Parents should always show empathy when children experience these situations and emotions. But instead of shielding children, parents can serve as a coach to help their young ones learn how to handle them.
When children experience failure, parents can work to reframe that failure into an opportunity for learning and growth. Children can also benefit from hearing parents talk about their own setbacks or failures to let kids see that failure is a normal part of life and not something to be feared.
2. Not setting boundaries or limits for children
While completely controlling a child’s life can be detrimental, going to the other extreme of letting children do whatever they want, can also have negative consequences.

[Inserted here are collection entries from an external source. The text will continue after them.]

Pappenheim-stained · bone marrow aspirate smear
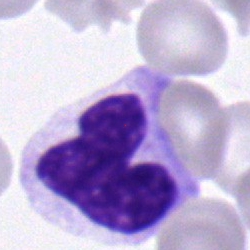

Showing a stab cell.
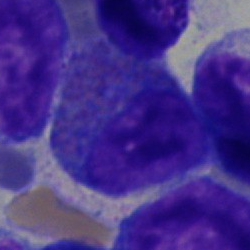

The classification is eosinophil.
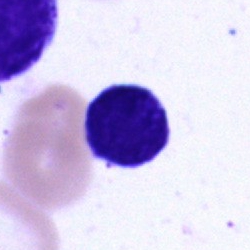 Specimen: bone marrow smear.
Cell type: typical lymphocyte.

As children grow and mature they need parents and other important adults in their life to help them learn and understand appropriate ways to behave. Without this guidance, children could find themselves feeling socially lost, and without self-discipline to accomplish small tasks and larger goals. Worse, if parents give into their child’s every whim the child may expect others to do the same which isn’t the way the real world works.
3. Letting children avoid responsibility
Children who learn responsibility understand the importance of pitching in and working side-by-side with others on a task. They also obtain skills to better understand how to organize and complete a task. But any child that is not given the chance to practice and demonstrate responsibility in childhood is also not likely to demonstrate it in adulthood.

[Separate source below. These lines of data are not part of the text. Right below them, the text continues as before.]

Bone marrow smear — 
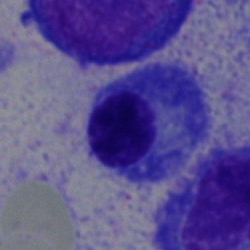

Morphology consistent with a plasma cell.
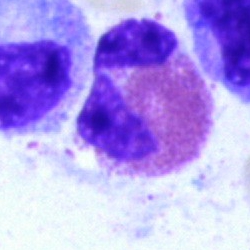 This is an eosinophil.
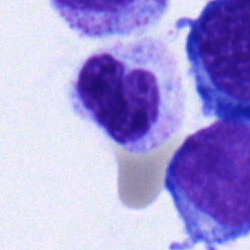Bone marrow aspirate smear, single cell — stab cell.
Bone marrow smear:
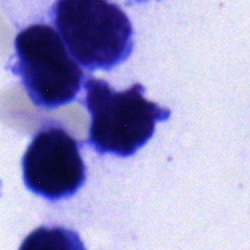
Q: What is shown here?
A: This is a lymphocyte.
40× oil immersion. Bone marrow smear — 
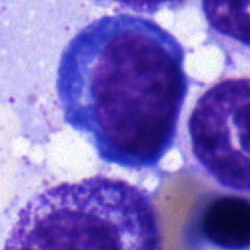
Morphology consistent with a proerythroblast.
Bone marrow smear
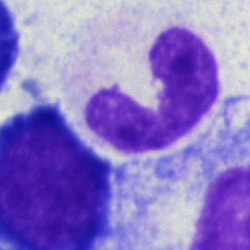Morphological class — neutrophil (band).
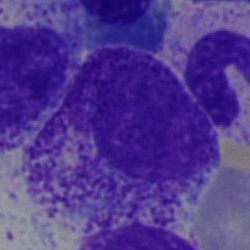

Q: Which cell type is shown here?
A: A myelocyte.
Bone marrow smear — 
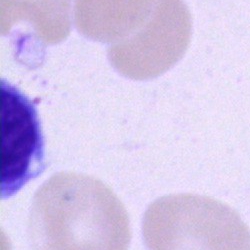

{"cell_type": "artifact"}

4. Comparing children with other children
It can be so tempting to determine how your children are faring by comparing them to other children. You may find yourself looking for markers of your children’s success by questioning if your child is reading at the same rate as other children.
Believing that your child needs to do the same activities, attain the same milestones on the same schedule as other children can lead you to push your children into activities they don’t enjoy and into classes that are not a good fit. This ultimately dwindles your child’s self-esteem.
Read also: 10 Tips To Encourage Child’s Independence
5. Trying to be a perfect parent who raises perfect children
The responsibility of parenthood can feel overwhelming. Some people respond to this by trying to do everything “right,” including never showing sad or angry emotions and giving children everything they could possibly need (or oftentimes simply want) to attain a narrow definition of success.
When you try to be a perfect person, you are not modeling the resiliency that your children will need when they become adults. Having been shielded from their parent’s flaws, children may look at their own flaws as tragedies which could lead to low self-esteem and make them clingy and dependent.